Sebelius’ report served as the basis for a White House round table in which Sebelius invited a panel of advocates to voice their suggestions on how to close the health care disparity gaps.

The panelists represented a wide cross-section of the U. S. population that are deemed as “underserved” – such as racial and ethnic minorities, the gay community and the disabled.

The National Urban League Policy Institute’s executive director Stephanie Jones was one of the panelists that represented the interests of the African-American community.

“We need to analyze the intricate web of things that affect health access and delivery such as the ability to get to a service provider and the availability of quality and healthy food in stores,” Jones suggested.

Dr. David Williams, a professor of public health in African and African-American studies, and sociology at Harvard University says while medical care is important, the lifestyle and environmental factors that make people sick must be examined more thoroughly.

“Even if health care costs are down, we will not have addressed the problem,” Williams says. “We must completely reframe what we mean by health reform because our kids may become the first generation that experiences shorter life spans than their parents.”

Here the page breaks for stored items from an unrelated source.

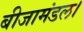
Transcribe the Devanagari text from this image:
बीजामंडल।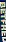
BETFRED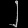
Digit: ၂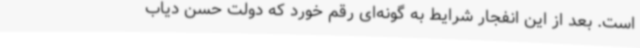
است. بعد از این انفجار شرایط به گونه‌ای رقم خورد که دولت حسن دیاب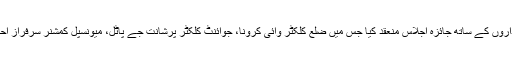
قبل ازیں چیف منسٹر نے نندنا گارڈن میں ضلع کے عہدیداروں کے ساتھ جائزہ اجلاس منعقد کیا جس میں ضلع کلکٹر وائی کرونا، جوائنٹ کلکٹر پرشانت جے پاٹل، میونسپل کمشنر سرفراز احمد، محکمہ پولیس کے اعلیٰ عہدیدار و دیگر موجود تھے۔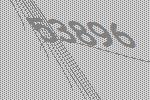
53896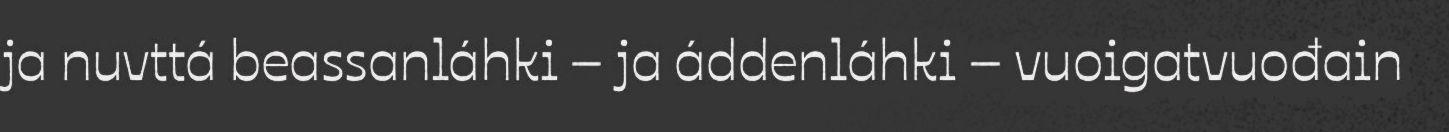
ja nuvttá beassanláhki – ja áddenláhki – vuoigatvuođain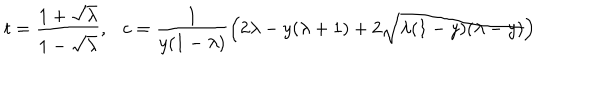
LaTeX: t = \frac { 1 + \sqrt { \lambda } } { 1 - \sqrt { \lambda } } , \ \ \ c = \frac { 1 } { y ( 1 - \lambda ) } \left( 2 \lambda - y ( \lambda + 1 ) + 2 \sqrt { \lambda ( 1 - y ) ( \lambda - y ) } \right)

Representatives from other interests ranged from organizations such as National Indian Health Board, who spoke passionately about health care conditions in Indian Countries, to the Special Olympics, who wanted to make sure that Americans with disabilities are also included in the conversation.

Nancy Zirkin, executive vice president of the Leadership Conference on Civil Rights, said her organization wanted to ensure that civil rights protections were included in any health care reforms.

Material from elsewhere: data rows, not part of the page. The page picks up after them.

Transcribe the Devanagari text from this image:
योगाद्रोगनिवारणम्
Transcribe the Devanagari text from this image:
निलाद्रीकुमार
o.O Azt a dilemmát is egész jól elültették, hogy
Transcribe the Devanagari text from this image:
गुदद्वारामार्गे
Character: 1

She also stressed expanding data collection, placing a greater emphasis on promoting preventive care, and strengthening the Office of Minority Health so they will be better able to address the health needs of racial minority populations.

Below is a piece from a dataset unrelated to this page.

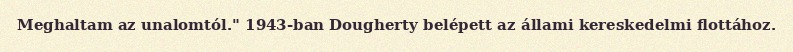
Meghaltam az unalomtól." 1943-ban Dougherty belépett az állami kereskedelmi flottához.
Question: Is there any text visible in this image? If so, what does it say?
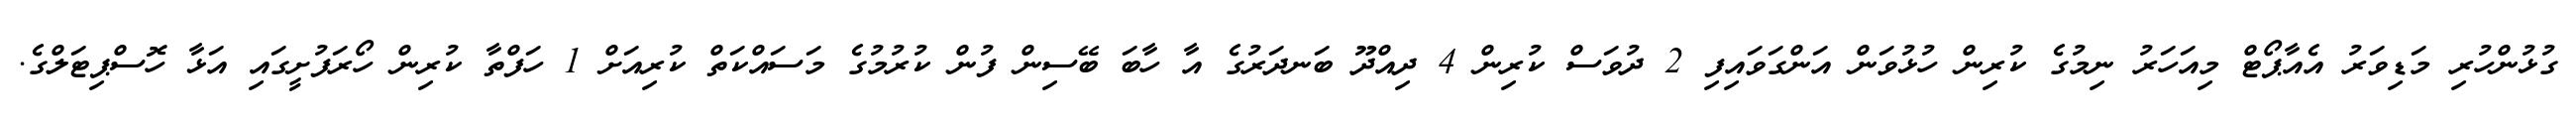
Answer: ގުޅުންހުރި މަޑިވަރު އެއާޕޯޓް މިއަހަރު ނިމުގެ ކުރިން ހުޅުވަން އަންގަވައިފި 2 ދުވަސް ކުރިން 4 ދިއްދޫ ބަނދަރުގެ އާ ހާބަ ބޭސިން ފުން ކުރުމުގެ މަސައްކަތް ކުރިއަށް 1 ހަފްތާ ކުރިން ހޯރަފުށީގައި އަޅާ ހޮސްޕިޓަލްގެ.

Some members of Congress have already taken steps and proposed ways of closing the health care gaps by introducing a new bill.

Members of the Congressional Tri-Caucus, which is comprised of the Congressional Black Caucus, the Congressional Hispanic Caucus and the Congressional Asian Pacific American Caucus, has introduced a bill that they say is designed to eliminate those racial and ethnic health care disparities.

The Health Equity and Accountability Act of 2009, outlines their priorities for health care reform – to not only reduce racial and ethnic disparities in health care, but to also address a number of other issues important to communities of color.

“Today, over 47 million people lack health insurance in America and although racial and ethnic minorities account for about one third of U.S. population, they account for more than half of the uninsured,” said Congressional Black Caucus Chair Barbara Lee (CA-D). “The Congressional Tri-Caucus stands together and speaks with one voice to demand health care reform now, and to demand an end to the factors that perpetuate racial and ethnic health disparities in this country.”

The bill identifies elements that Caucus members say will provide more comprehensive health care delivery to people of all races. Among the elements are the option of a universal public health insurance, a national community health center system, ways by which to address cultural and linguistic barriers and means by which to promote diversity within health care professions and clinical trial patients.

“Expansion of community, migrant, family and rural health centers will help make this concept a reality,” said Congressman Danny K. Davis (IL-D), who serves as co-chair of the CBC Health and Wellness Taskforce.

“Access to culturally competent quality health care should be one of the most basic of all entitlements.”

Pharoh Martin is an NNPA National Correspondent.